Tips for switching over

Once you’ve decided to automate your library prep workflow, these expert tips might ease the process. Ghan recommends physically mapping the components involved, including reagents, consumables, equipment, and people. “This map can help to uncover pain points and guide decision-making during the transition to an automated system,” he says.

Consider the batch size of your automated library prep workflow, in order to balance dead volume costs associated with reagent consumption, and turnaround time. “If there are not enough samples in the batch to spread out the cost associated with the dead volume, the cost per sample will go up compared to manual workflow,” says Shu. “On the other hand, if the user batches up samples to reduce the cost per sample, it will impact the turnaround time.”

Also consider the level of automation, whether you need partial or full. “Fully automated NGS library prep solutions, such as Revvity's Sciclone® G3 NGSx iQ™ workstation, offer full turnkey, walk-away automation for NGS library prep including fully automated liquid transfers, thermal cycling and bead clean-ups,” says John Fink, General Manager of Automated Liquid Handling at Revvity, noting that using an automation provider with demonstrated library prep solutions is the best way to get a new automation system set up and running quickly.

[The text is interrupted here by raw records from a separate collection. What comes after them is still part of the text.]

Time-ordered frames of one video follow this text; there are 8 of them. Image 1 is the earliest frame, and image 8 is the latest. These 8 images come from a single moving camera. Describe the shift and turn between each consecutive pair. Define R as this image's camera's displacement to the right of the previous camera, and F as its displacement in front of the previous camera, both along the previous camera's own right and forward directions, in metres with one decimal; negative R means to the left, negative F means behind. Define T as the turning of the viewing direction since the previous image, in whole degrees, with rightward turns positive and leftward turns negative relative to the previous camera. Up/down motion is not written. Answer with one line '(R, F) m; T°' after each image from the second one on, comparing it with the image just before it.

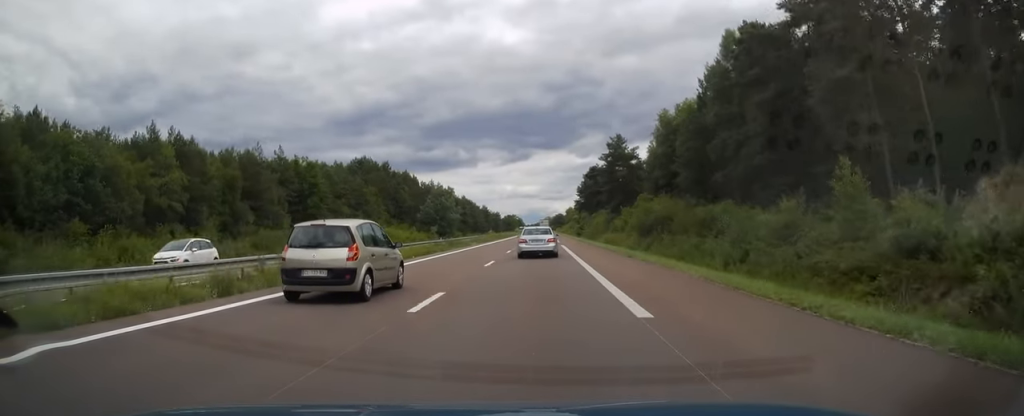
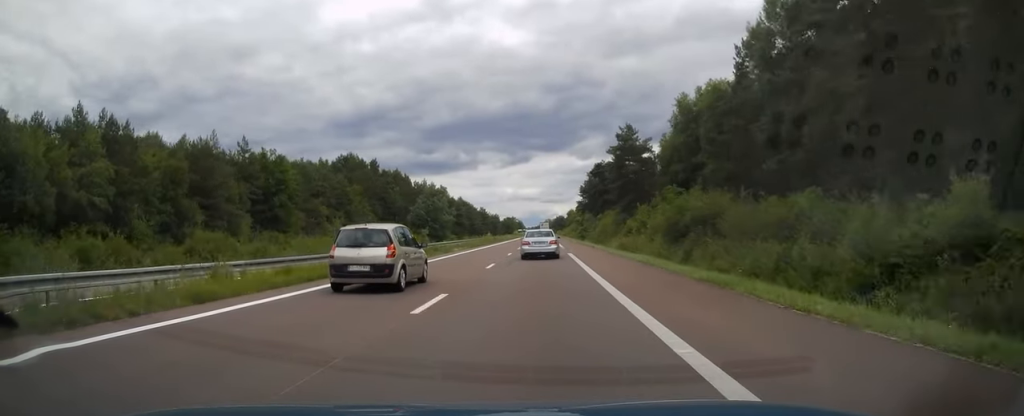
(-0.1, +12.7) m; 0°
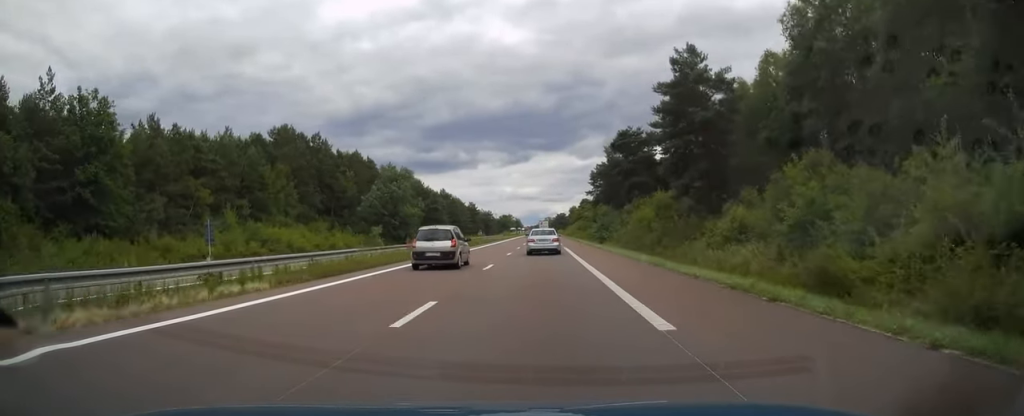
(0.0, +40.7) m; 0°
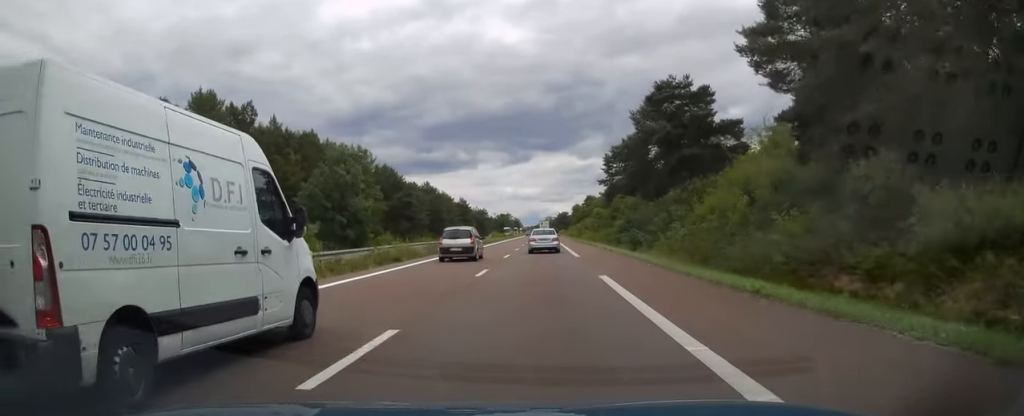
(-0.1, +29.4) m; 0°
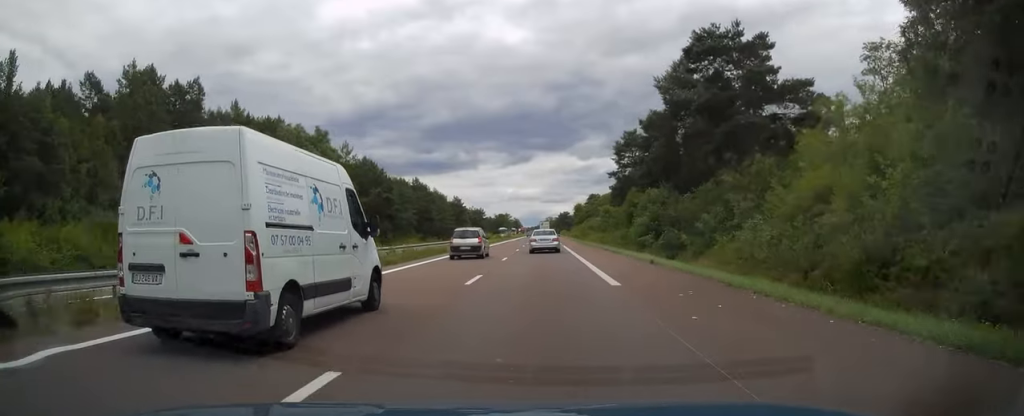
(+0.1, +15.7) m; 0°
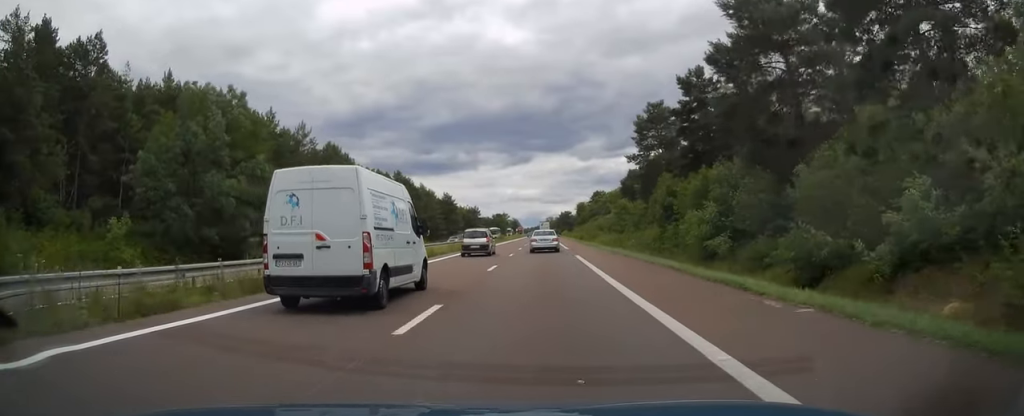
(0.0, +20.6) m; 0°
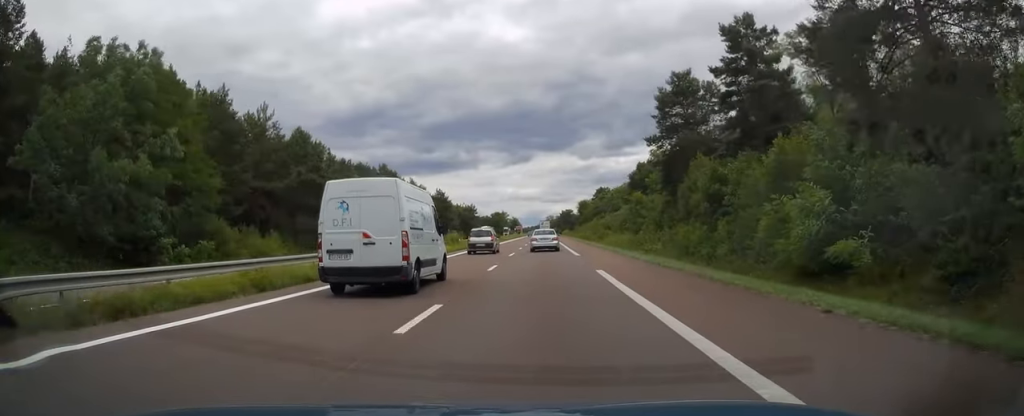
(-0.1, +13.2) m; 0°
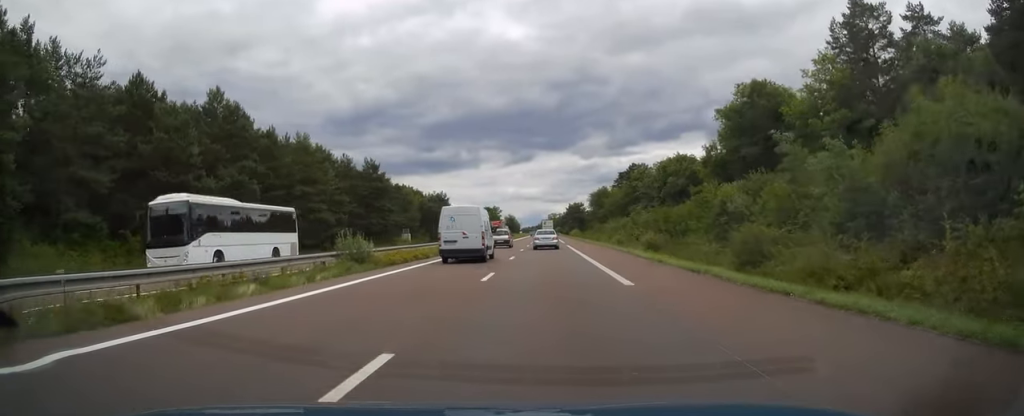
(0.0, +69.6) m; 0°

To minimize materials, miniaturization of reaction volumes may be an advantageous route. This is possible on low volume liquid-handling platforms, such as the Revvity FlexDrop™ iQ non-contact nano dispenser, and Sciclone G3 NGSx HT workstation. “There is a growing trend to reduce the cost of next-generation sequencing,” says Fink. “Backed by standardized and tested miniaturized protocols, these instruments are capable of miniaturizing NGS reactions at up to 1/10th volume, saving labs considerable money.”

If you decide to take the automated plunge, consider it the beginning of a beneficial process. “Increasing lab efficiency is a long-term improvement that begins after switching from manual to automated NGS library prep,” says Shu. “Investing in automation is an investment in your team and pivots your lab into the future.”